= Suspect classification =

US legal term

In United States constitutional law, a suspect classification is a class or group of persons meeting a series of criteria suggesting they are likely the subject of discrimination. These classes receive closer scrutiny by courts when an equal protection claim alleging unconstitutional discrimination is asserted against a law, regulation, or other government action, or sometimes private action.

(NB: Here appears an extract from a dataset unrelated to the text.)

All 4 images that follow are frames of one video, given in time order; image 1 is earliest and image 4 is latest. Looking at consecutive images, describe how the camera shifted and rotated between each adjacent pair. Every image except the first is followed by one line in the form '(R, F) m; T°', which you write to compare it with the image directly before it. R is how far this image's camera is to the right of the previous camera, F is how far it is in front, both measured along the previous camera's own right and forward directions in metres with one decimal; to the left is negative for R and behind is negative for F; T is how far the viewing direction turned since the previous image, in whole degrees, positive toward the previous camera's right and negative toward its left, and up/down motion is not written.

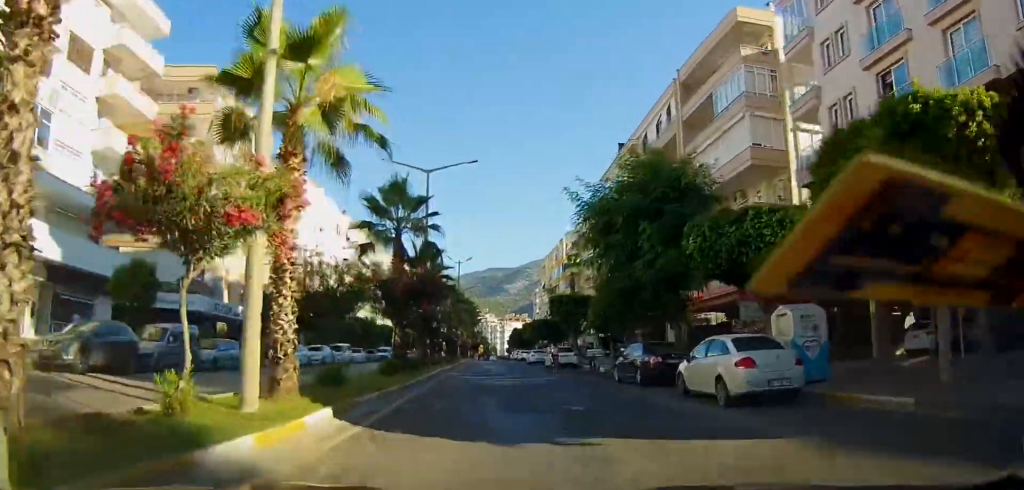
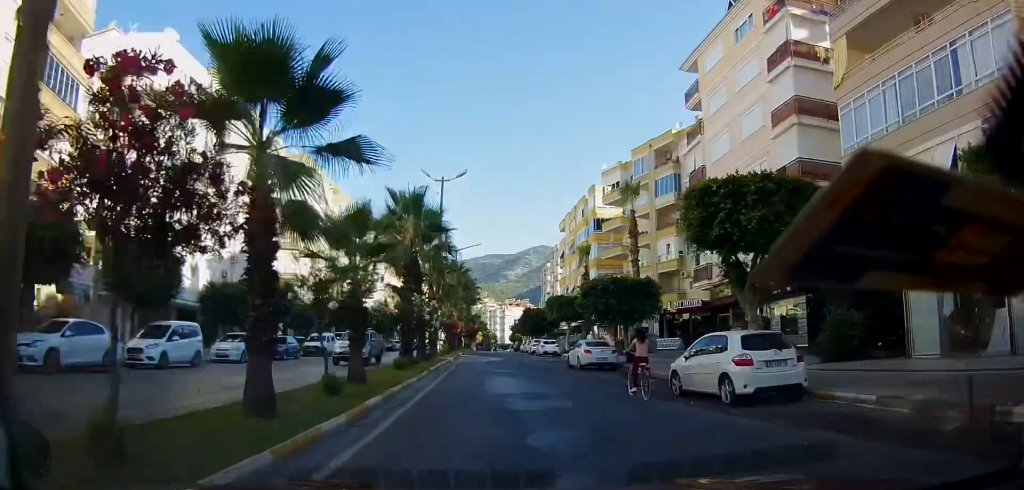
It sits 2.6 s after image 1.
(+0.2, +24.1) m; +2°
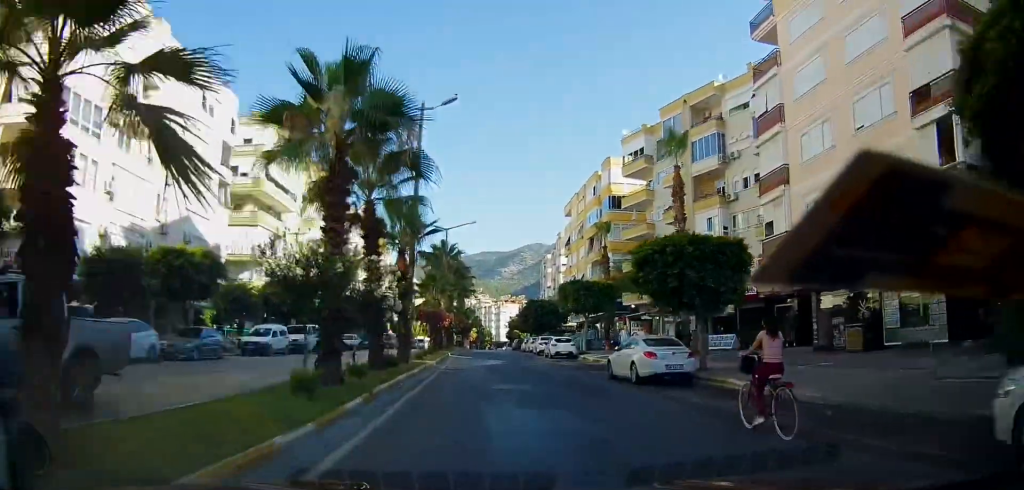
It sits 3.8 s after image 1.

When a law or government action affects a group that falls under a suspect classification, courts apply the strict scrutiny standard in reviewing the constitutional validity of a law or action.

== Criteria ==

The United States Supreme Court has mentioned a variety of criteria that, in some combination, may qualify a group as a suspect class, but the Court has not declared that any particular set of criteria are either necessary or sufficient to qualify.

Some of the criteria that have been cited include:

- The group has historically been discriminated against or have been subject to prejudice, hostility, or stigma, perhaps due, at least in part, to stereotypes.
- They possess an immutable or highly visible trait.
- They are powerless to protect themselves via the political process and is a "discrete" and "insular" minority.
- The group's distinguishing characteristic does not inhibit it from contributing meaningfully to society.

== Classification ==

=== Suspect class ===

The Supreme Court established suspect classifications as judicial precedent with two related decisions after the attack on Pearl Harbor involving executive orders restricting the rights of Japanese American citizens—Hirabayashi v. United States and Korematsu v. United States.

The Supreme Court recognizes race, national origin, and religion as suspect classes; it therefore analyzes any government action that discriminates against these classes under strict scrutiny.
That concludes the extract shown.